Nicotine & Sex: Can Nicotine Cause Impotence?
As an e-cigarette user, I was interested in whether nicotine alone would affect my sex drive.
Impotence has been induced by an intravenous injection of nicotine into dogs.
Professor Louise told us that nicotine could damage the blood vessels in the long run, thereby reducing smoker’s ability to have sex. However, new research suggests that when isolated from other harmful substances contained in cigarettes nicotine actually promotes the growth of healthy blood vessels. (Source: Science Daily.)
Nicotine is, however a vasoconstrictor, which means it narrows the blood vessels. Theoretically at least, this should reduce men’s ability to have sex, and would even reduce arousal in a women.
While most studies (including some which conclude nicotine has a negative effect on the sex drive) actually test the effect of cigarettes on impotence, impotence has been induced by an intravenous injection of nicotine into dogs.
Of course, dogs are not human and an injection is not smoking. However, a second study gave non-smokers nicotine gum to chew while watching erotic movies. The study found that nicotine can have a significant effect on sexual arousal when watching porn.
So my initial disappointed conclusion was that e-cigarettes would not revert me to the sex obsessed teenager I once was. But read on…
What can smokers do to improve their sex life (besides giving up)?
Tips we have had from the experts have been fairly useless. (Inhale less, smoke less – yeah,we would if we could! Or wanted to.) So we’ve come up with our own. (Before taking my advice, please remember I am not expert and could be talking complete bollocks…)
- Save the cigarette till after sex! Who cares what effect it has on your erection if you are having a cigarette after the session. (Unless, of course, you are going for a double whammy!)
- Don’t smoke while watching porn! (Unless you are a man with your girlfriend and you want to pretend you are not interested in other women…)
- Think about other causes: Smoking is only one of many causes of impotence – check out the other causes. Other steps such as an improved diet and better exercise could help get things back up again! (If you are suffering from impotence, a general check-up would also be a good idea!)

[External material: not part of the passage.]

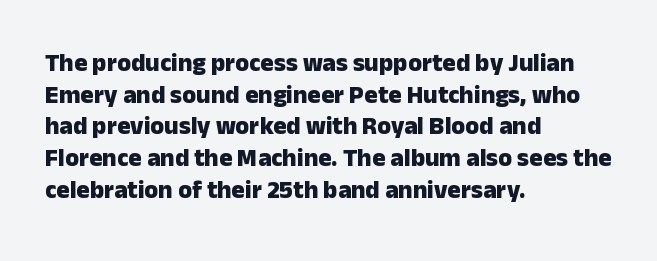
{"italic": "no", "bold": "yes", "underline": "no", "align": "left", "line_spacing": "normal", "line_spacing_ratio": 1.27, "letter_spacing": "normal", "letter_spacing_em": 0.0, "glyph_px": 25}

- Alternatively, sod the diet and use viagra…
But what about the electronic cigarette…
Can the electronic cigarette help you to have a better sex life?
As an electronic cigarette user I was keen to find out if the electronic cigarette could improve my sex life.
My initial conclusion was no.
As we saw before, nicotine can reduce sex drive, at least temporarily.
However, what we forgot was that the amount of nicotine contained in an electronic cigarette – or at least those which have been tested – is substantially lower per puff than in real cigarettes.
Dr Murray Laugeson told us:
With respect to e-cigarettes, the nicotine dose per puff is only about 10% that of a puff from a regular tobacco cigarette, and so e-cigarettes alone are unlikely to cause impotence.
So assuming that long term damage has not already been caused by cigarettes, perhaps switching from cigarettes to electronic cigarettes could improve sex life.
Let’s remember that all sorts of other crap has been removed from cigarettes, and in general smokers should have more energy and libido. This seem to have been confirmed by our ongoing e-cigarette survey, with a number of smokers reporting:
(We’ll release exact figures when the results have been analysed – sign up for our newsletter if you want updates!)
Of course, without solid lab evidence we can’t know for sure. Unfortunately, it is unlikely I can persuade my boss to fork out for sex research in the near future. (She doesn’t even know I am writing this article…).